Read more of this bird's interesting history -- http://www.schriever.af.mil/ne...
Wacky Delly did it 20 years ago!
https://www.youtube.com/watch?v=-b_polwFplI
It looks like the actual problem was a bad data upload; Specifically, some satellites were transmitting incorrect parameters for UTC offset correction. https://www.febo.com/pipermail... is the posting from a gentlemen at Meinberg that has the details. http://www.usno.navy.mil/USNO/... has more information about the time offset parameters (A0 and A1) and how they interact with GPS and UTC time.
According to another message (https://www.febo.com/pipermail/time-nuts/2016-January/095686.html), PRNs 2, 6, 7, 9, and 23 got hit. It is interesting to note that the satellite that was taken out of service this morning (PRN 32) is not in this list. It looks like the decommissioning of PRN32 was quite possibly scheduled (see http://gpsworld.com/last-block...), and even if not, a failure of that specific satellite could not have caused multiple satellites to start broadcasting incorrect offset data.
I'm really looking forward to the postmortem on this.
(source)
There was no glitch in GPS time, but one satellite was transmitting bad GPS/UTC difference information.
GPS time is not quite UTC time. Each satellite transmits the necessary translation factors along with other housekeeping information. One factor is the number of leap seconds and the time of the next change. The other is a linear function (with an offset parameter A0 and a slope A1) that specifies a precision offset.

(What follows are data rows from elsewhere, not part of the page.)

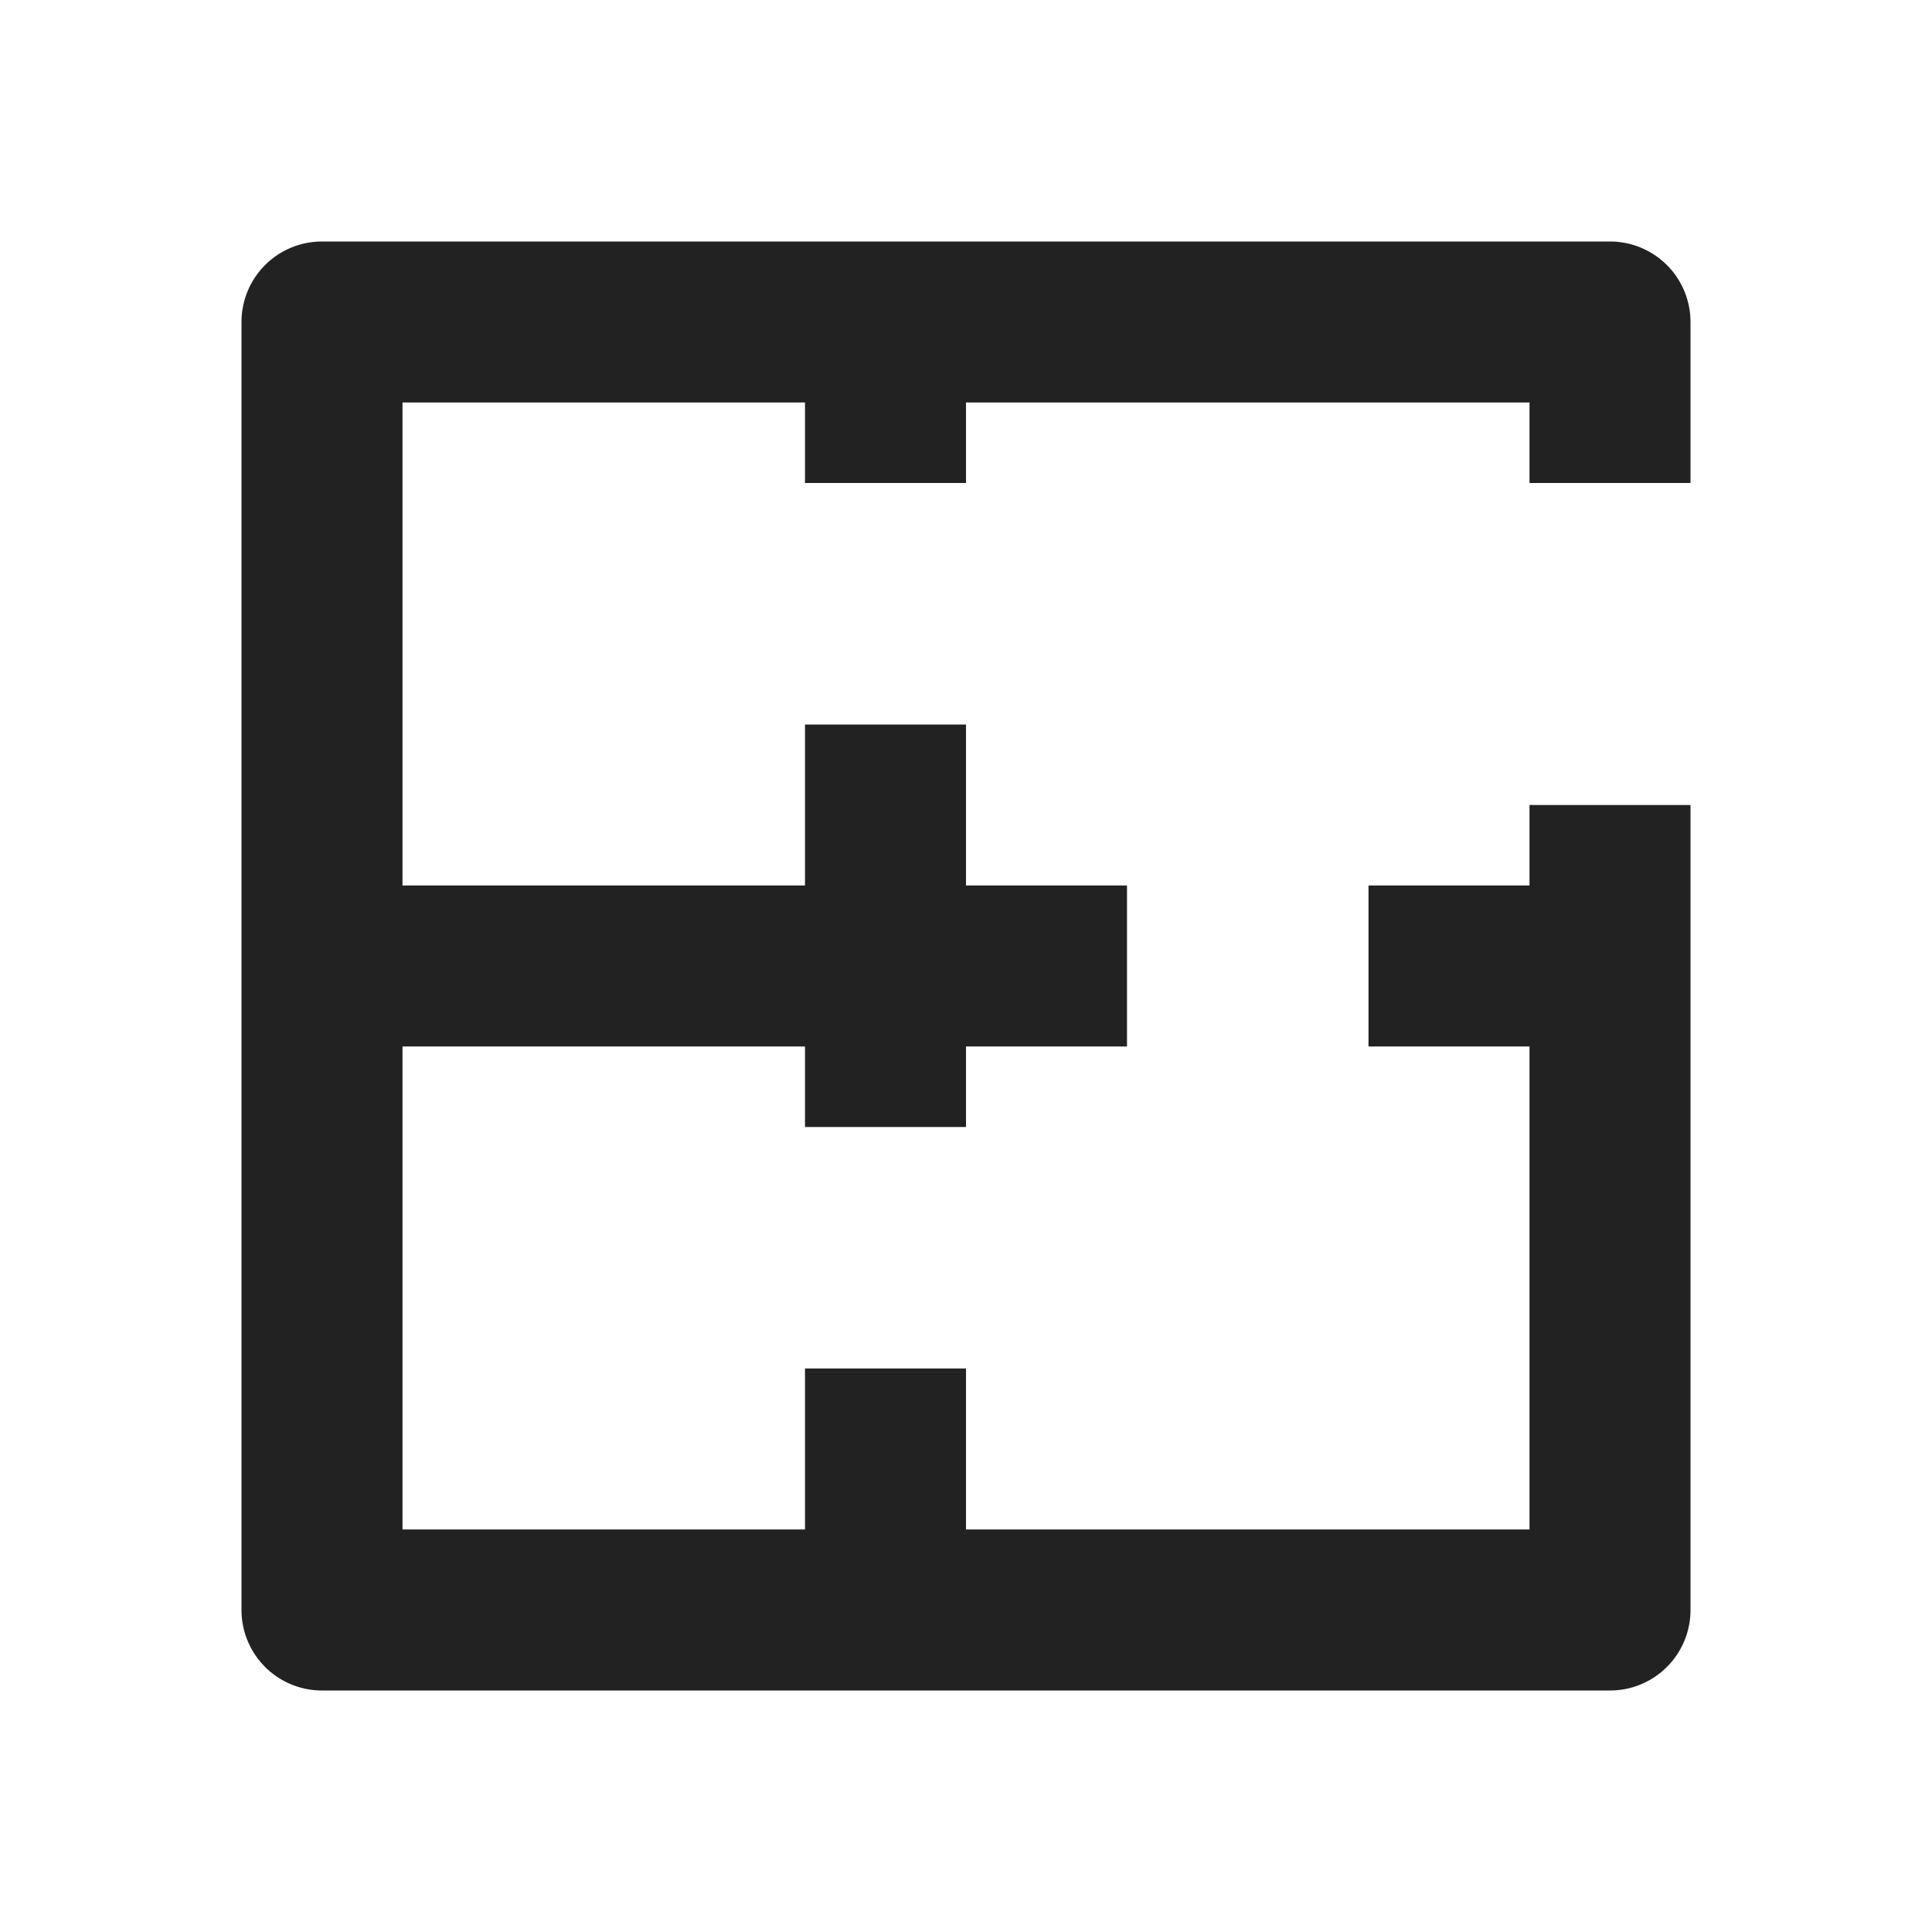 <svg id="icon-floorplan" xmlns="http://www.w3.org/2000/svg" width="24" height="24" viewBox="0 0 24 24">
  <defs>
    <style>
      .cls-1 {
        fill: rgba(0,0,0,0);
      }

      .cls-2 {
        fill: #222;
      }
    </style>
  </defs>
  <rect id="rectangle" class="cls-1" width="24" height="24"/>
  <path id="前面オブジェクトで型抜き_9" data-name="前面オブジェクトで型抜き 9" class="cls-2" d="M10584,14273h-16a1,1,0,0,1-1-1v-16a1,1,0,0,1,1-1h16a1,1,0,0,1,1,1v2h-2v-1h-7v1h-2v-1h-5v6h5v-2h2v2h2v2h-2v1h-2v-1h-5v6h5v-2h2v2h7v-6h-2v-2h2v-1h2v10A1,1,0,0,1,10584,14273Z" transform="translate(-10564 -14252)"/>
</svg>

Normally, A0 is tiny, but one satellite broadcast a bogus A0 value of 13.7 us. Any receiver that believed it would then jump its UTC output by the same amount, leading to the glitch.
A receiver that used GPS time (all GPS receivers have an option to not apply UTC corrections to their PPS output) would not have seen a glitch.
Be veery careful of your electromagnetic transmissions!
Ha ah
And if you're measuring the distance that radio signals travelled, that's a whopping 4 km.
Is this one of those "that's funny" events that lead to world shattering discoveries?
Or just a bug...?
working in the securities trading industry, 13.7 microseconds is considered HUGE, that is 6 micro seconds longer than our 99.9% latency numbers last week when we generated 24 billion messages in 6 1/2 hrs.
Just patted a passing bird(in orbit)
I used to constantly search my local bookstores for any new stories on our giant metal protectors, but it seems this flavor of military SF has all but disappeared.
13 us in GPS is a pretty big or small misalignment, depending on how you look at it - some 4.1 Km. Definitely enough to upset systems like GPS guidance. - Of course most of the time there is plenty of satellite redundancy..
Below the speed of light Special Relativity is one of the most accurate theories in physics - above the speed of light..
Galaxy Quest holds the answer to the GPS time problem. Omega 13 actually rols back time 13.7 milliseconds.
-Eric
You need at least 3/4 to give you a position as you use the time signals to give the distance from each satellite and give where they intersect. One radius will be 4km different than it should be. That means they'll intersect in completely the wrong place. You're guaranteed it'll be off. 4km is worst case but it's more likely to be half that. 2km is still pretty badly out though. You'd need twice as many satellites to cancel it out really.